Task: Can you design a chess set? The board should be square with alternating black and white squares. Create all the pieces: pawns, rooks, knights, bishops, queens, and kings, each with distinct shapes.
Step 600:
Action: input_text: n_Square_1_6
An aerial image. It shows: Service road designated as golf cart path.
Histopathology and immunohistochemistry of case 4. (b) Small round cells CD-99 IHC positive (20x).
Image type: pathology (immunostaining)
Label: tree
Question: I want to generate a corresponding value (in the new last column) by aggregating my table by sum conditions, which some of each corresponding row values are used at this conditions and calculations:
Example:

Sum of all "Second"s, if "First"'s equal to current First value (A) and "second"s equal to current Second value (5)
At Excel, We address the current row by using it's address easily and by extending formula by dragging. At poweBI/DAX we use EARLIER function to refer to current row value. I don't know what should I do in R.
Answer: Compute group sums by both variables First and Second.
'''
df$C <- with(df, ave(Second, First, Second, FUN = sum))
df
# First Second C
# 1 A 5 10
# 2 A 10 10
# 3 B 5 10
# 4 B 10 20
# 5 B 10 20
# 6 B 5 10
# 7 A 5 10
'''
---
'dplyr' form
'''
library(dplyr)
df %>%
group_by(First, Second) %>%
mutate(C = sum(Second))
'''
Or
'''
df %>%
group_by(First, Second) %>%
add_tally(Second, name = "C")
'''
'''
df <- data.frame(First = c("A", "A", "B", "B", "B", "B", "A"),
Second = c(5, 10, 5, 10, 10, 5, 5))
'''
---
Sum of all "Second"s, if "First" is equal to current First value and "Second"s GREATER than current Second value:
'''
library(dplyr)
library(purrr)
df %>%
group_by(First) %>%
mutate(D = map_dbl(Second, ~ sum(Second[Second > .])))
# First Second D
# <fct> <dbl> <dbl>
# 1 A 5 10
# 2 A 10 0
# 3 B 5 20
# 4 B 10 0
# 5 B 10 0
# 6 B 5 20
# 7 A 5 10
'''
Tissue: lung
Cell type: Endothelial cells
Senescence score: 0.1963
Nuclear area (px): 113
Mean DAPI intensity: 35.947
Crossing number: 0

________________

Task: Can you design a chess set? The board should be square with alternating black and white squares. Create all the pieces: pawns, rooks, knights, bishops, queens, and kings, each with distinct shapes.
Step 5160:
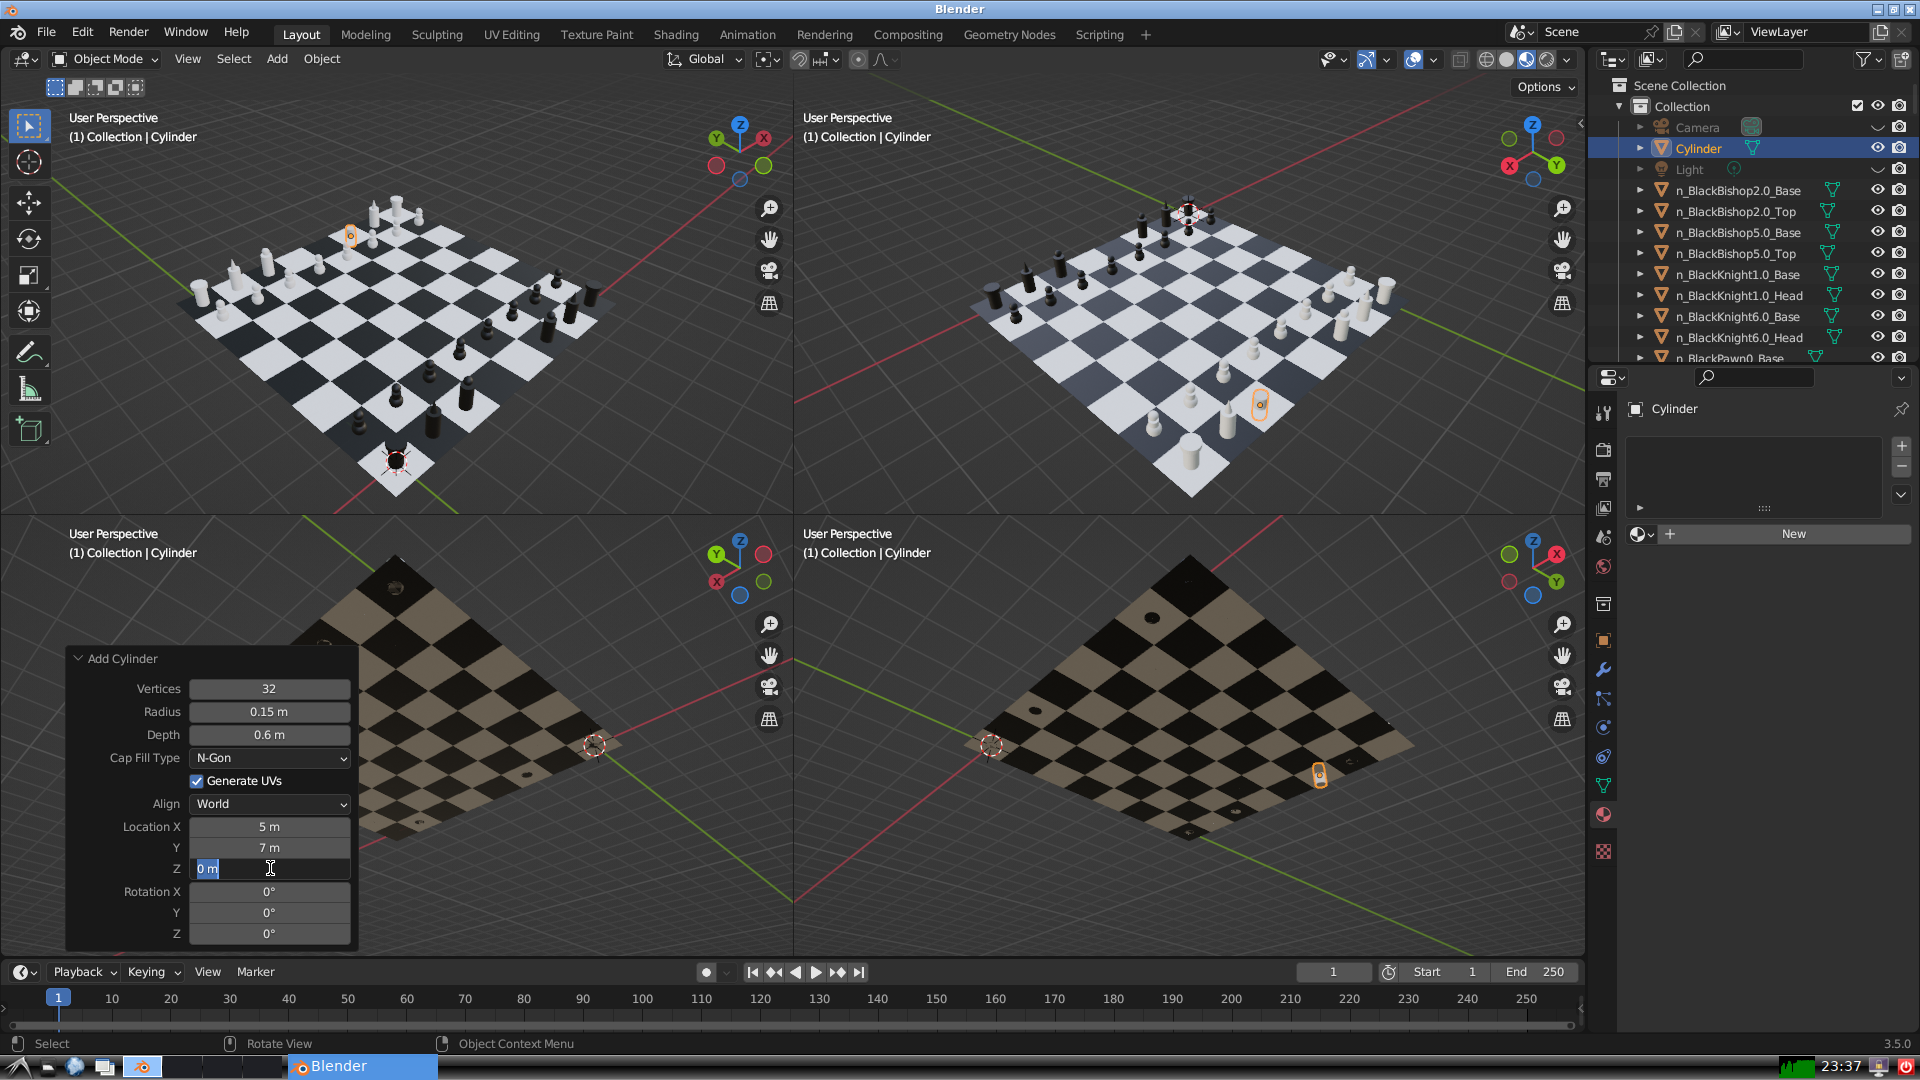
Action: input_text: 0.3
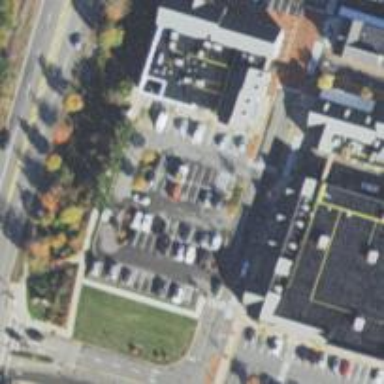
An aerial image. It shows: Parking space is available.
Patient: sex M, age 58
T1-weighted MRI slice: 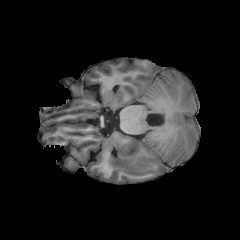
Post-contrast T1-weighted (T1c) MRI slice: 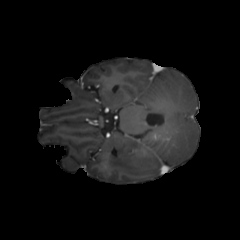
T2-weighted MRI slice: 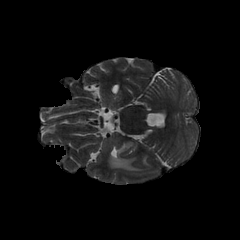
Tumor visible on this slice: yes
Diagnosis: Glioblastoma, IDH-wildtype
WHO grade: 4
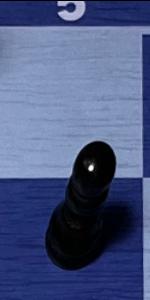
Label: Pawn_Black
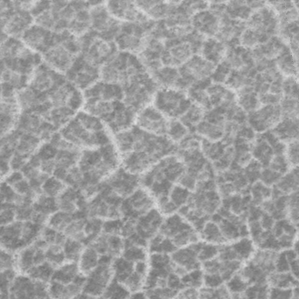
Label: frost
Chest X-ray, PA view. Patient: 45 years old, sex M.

________________

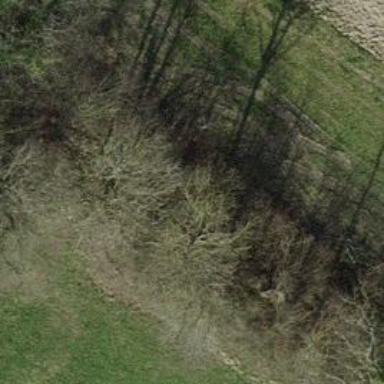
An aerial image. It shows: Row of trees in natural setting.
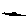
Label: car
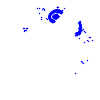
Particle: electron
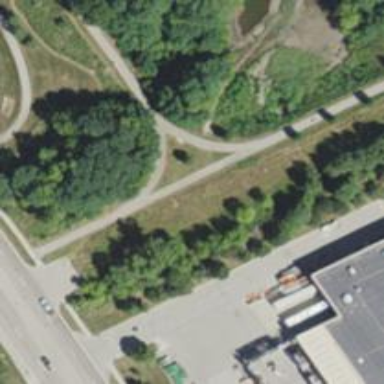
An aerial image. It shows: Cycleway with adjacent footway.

________________

▶ _DESCRIPTION OF THE TASK_
Exactly as written above, retype the lines starting at the one holding "Action: input_text: 0.3" and ending at the one holding "Chest X-ray, PA", both included, but not the pictures.

▶ _RESPONSE TO THIS TASK_
Action: input_text: 0.3
An aerial image. It shows: Parking space is available.
Patient: sex M, age 58
T1-weighted MRI slice: 
Post-contrast T1-weighted (T1c) MRI slice: 
T2-weighted MRI slice: 
Tumor visible on this slice: yes
Diagnosis: Glioblastoma, IDH-wildtype
WHO grade: 4
Label: Pawn_Black
Label: frost
Chest X-ray, PA view. Patient: 45 years old, sex M.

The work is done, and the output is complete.